INPUT RECORDS:
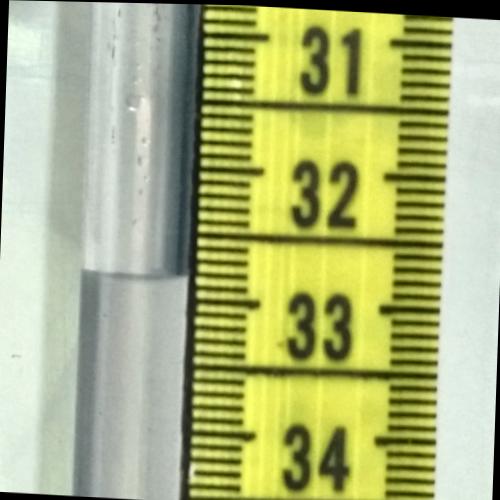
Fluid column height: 32.8 cm
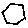
Label: hexagon
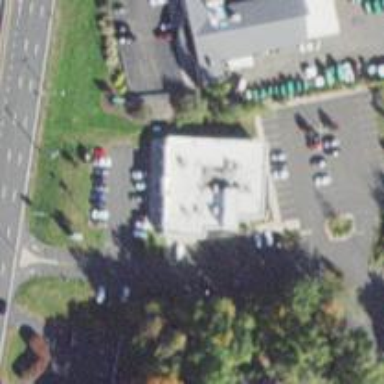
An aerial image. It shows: Pharmacy providing healthcare services.
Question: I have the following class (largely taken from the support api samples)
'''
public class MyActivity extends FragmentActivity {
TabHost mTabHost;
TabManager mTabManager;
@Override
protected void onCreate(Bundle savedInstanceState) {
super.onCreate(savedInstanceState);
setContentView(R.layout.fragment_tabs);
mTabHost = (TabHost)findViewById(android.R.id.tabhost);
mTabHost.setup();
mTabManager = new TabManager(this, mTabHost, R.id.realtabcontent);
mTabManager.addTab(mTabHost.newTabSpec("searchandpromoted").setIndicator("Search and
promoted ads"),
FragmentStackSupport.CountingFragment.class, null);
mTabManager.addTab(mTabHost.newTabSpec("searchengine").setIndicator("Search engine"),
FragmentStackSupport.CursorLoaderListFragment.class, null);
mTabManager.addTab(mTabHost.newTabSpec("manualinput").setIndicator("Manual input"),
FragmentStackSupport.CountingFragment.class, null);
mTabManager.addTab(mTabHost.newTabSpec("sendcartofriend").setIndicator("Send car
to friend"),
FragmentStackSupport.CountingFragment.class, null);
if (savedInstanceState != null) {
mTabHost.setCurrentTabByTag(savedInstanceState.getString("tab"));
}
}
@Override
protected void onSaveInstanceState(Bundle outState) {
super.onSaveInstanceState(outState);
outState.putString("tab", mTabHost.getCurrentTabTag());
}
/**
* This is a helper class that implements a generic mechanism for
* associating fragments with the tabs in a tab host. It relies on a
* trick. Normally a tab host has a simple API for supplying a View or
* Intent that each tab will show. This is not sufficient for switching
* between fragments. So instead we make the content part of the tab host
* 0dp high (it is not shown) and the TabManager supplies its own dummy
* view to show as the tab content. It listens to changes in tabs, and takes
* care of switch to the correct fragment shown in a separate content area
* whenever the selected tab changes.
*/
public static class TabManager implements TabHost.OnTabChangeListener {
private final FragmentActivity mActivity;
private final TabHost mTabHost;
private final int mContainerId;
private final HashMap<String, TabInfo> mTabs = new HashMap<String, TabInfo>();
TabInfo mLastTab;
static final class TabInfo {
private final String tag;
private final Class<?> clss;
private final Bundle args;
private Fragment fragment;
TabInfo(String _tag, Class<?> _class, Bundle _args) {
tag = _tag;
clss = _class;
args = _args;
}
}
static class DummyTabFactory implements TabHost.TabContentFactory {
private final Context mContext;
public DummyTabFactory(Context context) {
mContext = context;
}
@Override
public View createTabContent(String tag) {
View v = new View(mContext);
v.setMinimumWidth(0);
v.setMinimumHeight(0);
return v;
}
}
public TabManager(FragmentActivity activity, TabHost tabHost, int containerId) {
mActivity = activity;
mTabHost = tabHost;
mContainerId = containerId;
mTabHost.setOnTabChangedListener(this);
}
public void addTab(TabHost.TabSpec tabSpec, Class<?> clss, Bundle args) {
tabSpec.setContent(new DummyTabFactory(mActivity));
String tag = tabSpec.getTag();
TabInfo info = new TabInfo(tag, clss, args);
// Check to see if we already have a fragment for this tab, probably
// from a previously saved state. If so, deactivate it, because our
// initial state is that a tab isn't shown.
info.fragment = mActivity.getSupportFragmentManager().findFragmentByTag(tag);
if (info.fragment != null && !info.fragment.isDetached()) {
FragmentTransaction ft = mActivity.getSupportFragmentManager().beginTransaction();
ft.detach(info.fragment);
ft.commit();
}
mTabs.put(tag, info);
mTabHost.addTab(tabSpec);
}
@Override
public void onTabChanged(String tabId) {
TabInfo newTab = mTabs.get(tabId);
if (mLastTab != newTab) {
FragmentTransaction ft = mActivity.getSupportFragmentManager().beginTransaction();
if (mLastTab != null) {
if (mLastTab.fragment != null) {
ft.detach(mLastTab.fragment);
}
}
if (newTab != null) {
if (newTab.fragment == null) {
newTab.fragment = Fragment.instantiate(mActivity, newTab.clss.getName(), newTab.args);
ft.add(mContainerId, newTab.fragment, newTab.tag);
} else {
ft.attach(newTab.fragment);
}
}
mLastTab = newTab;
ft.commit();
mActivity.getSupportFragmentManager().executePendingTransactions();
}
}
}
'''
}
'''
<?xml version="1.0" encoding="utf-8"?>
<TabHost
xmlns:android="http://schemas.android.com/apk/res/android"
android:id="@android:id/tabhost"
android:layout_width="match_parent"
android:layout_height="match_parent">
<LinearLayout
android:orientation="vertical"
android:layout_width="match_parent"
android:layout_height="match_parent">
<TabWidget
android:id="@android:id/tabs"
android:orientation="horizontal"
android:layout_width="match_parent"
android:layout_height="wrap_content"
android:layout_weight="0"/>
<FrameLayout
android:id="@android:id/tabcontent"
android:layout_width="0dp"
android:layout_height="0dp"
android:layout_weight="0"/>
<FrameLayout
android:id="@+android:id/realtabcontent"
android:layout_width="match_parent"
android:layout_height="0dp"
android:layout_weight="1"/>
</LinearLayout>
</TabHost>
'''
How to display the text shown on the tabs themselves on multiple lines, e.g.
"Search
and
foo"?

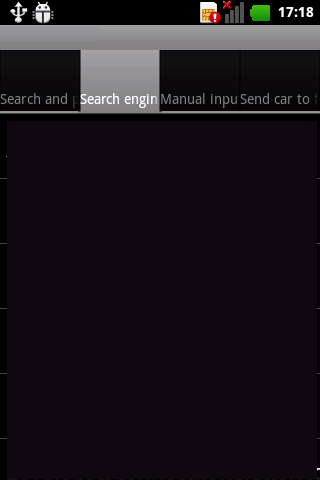
Answer: '''
android:lines="5"
'''
or
'android:inputType="textMultiLine"'in XML could work
Also you can try 'setSingleLine(false);' in the javaCode

TASK DIRECTIONS: Show all lines in the entries above where the word "mContainerId" appears.

EXERCISE SOLUTION:
private final int mContainerId;
mContainerId = containerId;
ft.add(mContainerId, newTab.fragment, newTab.tag);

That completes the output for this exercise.